Il est clair que ces événements revêtent à la fois des imbrications tactiques et stratégiques. A nous, cependant, de ne pas nous limiter à observer ces aspects en passant outre la tragédie humaine. Je voudrais que les lecteurs de la Ména sachent que j’éprouve une souffrance indescriptible à l’annonce de la perte de ces existences innocentes et que j’implore la destinée pour que la jeune fille de 15 ans et son frère, atteints en fin de semaine dernière par un Qassam à Sdéroth et traités aux soins intensifs à l’hôpital de Beersheva, recouvrent le plus prestement possible toutes leurs facultés.

C’est exactement la même peine qui me tenaille, lorsque je pense à mes frères innocents qui tombent souvent dans les camps de la bande de Gaza. S’il est une différence que nous ne faisons pas à la Ména, et c’est ce qui me permet de m’y sentir aussi à mon aise, c’est la différence du sang. Ceci dit, il m’incombe, comme à toute personne sensée, me semble-t-il, de distinguer entre les causes et les effets et de ne pas présenter les choses comme s’il s’agissait soit de décrire un brouillard indescriptible, soit d’attribuer les pertes de vies humaines à la fatalité.

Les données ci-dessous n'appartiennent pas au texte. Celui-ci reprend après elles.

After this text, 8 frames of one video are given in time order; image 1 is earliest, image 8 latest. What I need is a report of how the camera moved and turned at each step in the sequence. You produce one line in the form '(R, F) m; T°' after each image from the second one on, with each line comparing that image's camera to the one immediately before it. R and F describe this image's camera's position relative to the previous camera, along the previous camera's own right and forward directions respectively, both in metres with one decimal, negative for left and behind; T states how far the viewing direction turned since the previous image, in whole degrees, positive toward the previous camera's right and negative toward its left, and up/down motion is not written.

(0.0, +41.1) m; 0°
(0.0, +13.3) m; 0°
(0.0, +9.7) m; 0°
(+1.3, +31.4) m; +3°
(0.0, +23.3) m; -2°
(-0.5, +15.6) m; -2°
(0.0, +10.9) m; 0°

Il y a, d’un côté, en Israël et en Palestine, les forces agissant pour préserver les chances de parvenir à une solution négociée préconisant deux Etats distincts pour deux peuples différents, et ces forces tentent, dans un premier temps, de mettre un terme à l’effusion de sang ; et il y a le camp de la terreur. Quiconque ne fait pas cette distinction, s’inscrit en allié des terroristes et porte une part de responsabilité dans le flot du sang innocent qui continue de couler.

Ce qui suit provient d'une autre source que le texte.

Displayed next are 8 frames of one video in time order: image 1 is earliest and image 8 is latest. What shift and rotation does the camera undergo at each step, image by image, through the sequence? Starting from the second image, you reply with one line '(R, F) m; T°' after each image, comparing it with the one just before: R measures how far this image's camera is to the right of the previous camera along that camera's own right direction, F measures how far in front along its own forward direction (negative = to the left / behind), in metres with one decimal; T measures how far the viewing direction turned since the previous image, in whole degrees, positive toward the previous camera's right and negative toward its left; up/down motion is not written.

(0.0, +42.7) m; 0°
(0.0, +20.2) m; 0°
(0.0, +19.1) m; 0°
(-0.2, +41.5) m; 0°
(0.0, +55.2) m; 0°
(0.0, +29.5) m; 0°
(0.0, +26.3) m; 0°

Lorsque le département des affaires étrangères du Hamas, à Damas, annonce qu’il « exclut l’éventualité que son organisation accepte un cessez-le-feu avec Israël », prenant le soin d’ajouter que ’’la question n’est pas à débattre, la résistance n’est pas le monopole du Hamas c’est le choix stratégique du peuple palestinien’’ et de préciser que « le Hamas n’accepte même pas le principe de la paix avec Israël sur les bases du partage de 1948 », il me semble qu’il a tout dit. Ce communiqué recèle trois messages à l’intention du nouveau président élu de l’Autorité Palestinienne :

1. Nous n’avons rien à faire du choix démocratique exprimé par le peuple palestinien. Ce n’est pas vous qui fixez ses choix stratégiques, c’est nous !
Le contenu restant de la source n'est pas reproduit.